The encoder and decoder are key components of the Transformer model architecture. The encoder is made up of a stack of six identical layers, each with two sub-layers. The first sub-layer is a multi-head self-attention mechanism, and the second is a simple, position-wise fully connected feed-forward network. Residual connections are employed around each of the two sub-layers, followed by layer normalization. 

The decoder, like the encoder, is composed of a stack of six identical layers. However, in addition to the two sub-layers in each encoder layer, the decoder inserts a third sub-layer, which performs multi-head attention over the output of the encoder stack. Residual connections are also used around each of the sub-layers in the decoder, followed by layer normalization. The self-attention sub-layer in the decoder stack is modified to prevent positions from attending to subsequent positions, ensuring that the predictions for a given position can depend only on the known outputs at p

In [None]:
query = "If I want to generate document embeddings, then which type of Transformer Architecture I must choose?"
print(query_engine.query(query).response)

The Transformer architecture you should choose for generating document embeddings is the Encoder part of the Transformer model. The encoder maps an input sequence of symbol representations to a sequence of continuous representations, which can be used as document embeddings. It is composed of a stack of identical layers, each with two sub-layers: a multi-head self-attention mechanism and a position-wise fully connected feed-forward network.


In [None]:
query = """If I want to generate document embeddings,
then which type of Transformer Architecture I must choose among Encoders, Decoders or Encoder-Decorder?"""

print(query_engine.query(query).response)
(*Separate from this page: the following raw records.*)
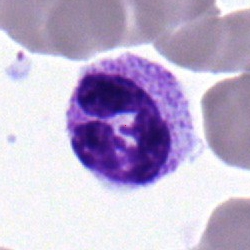 Cell type — segmented neutrophil.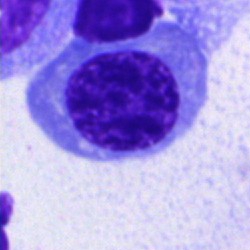

Morphological class — nucleated red cell.
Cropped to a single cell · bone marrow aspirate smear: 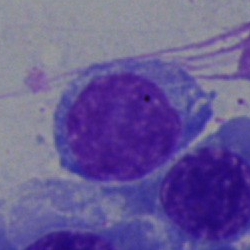

{"cell_type": "typical lymphocyte"}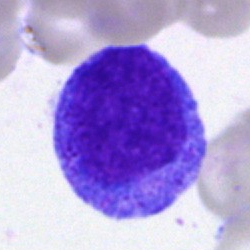

The cell is blast cell.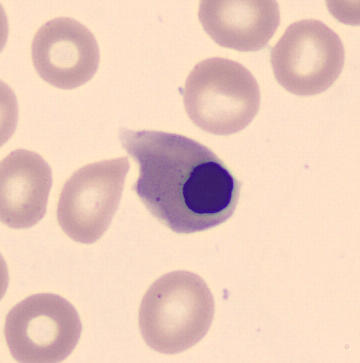
A nucleated red blood cell.
Image: Peripheral blood smear.

To generate document embeddings, you should choose the Encoder part of the Transformer Architecture. The Encoder maps an input sequence of symbol representations to a sequence of continuous representations, which can be used as document embeddings.


By following these steps, we have created a fully functional end-to-end RAG pipeline. This pipeline can ingest documents, index them, and answer natural language queries using a powerful combination of LlamaIndex and OpenAI's models. This demonstrates the practical application of RAG systems in extracting and synthesizing information from large datasets.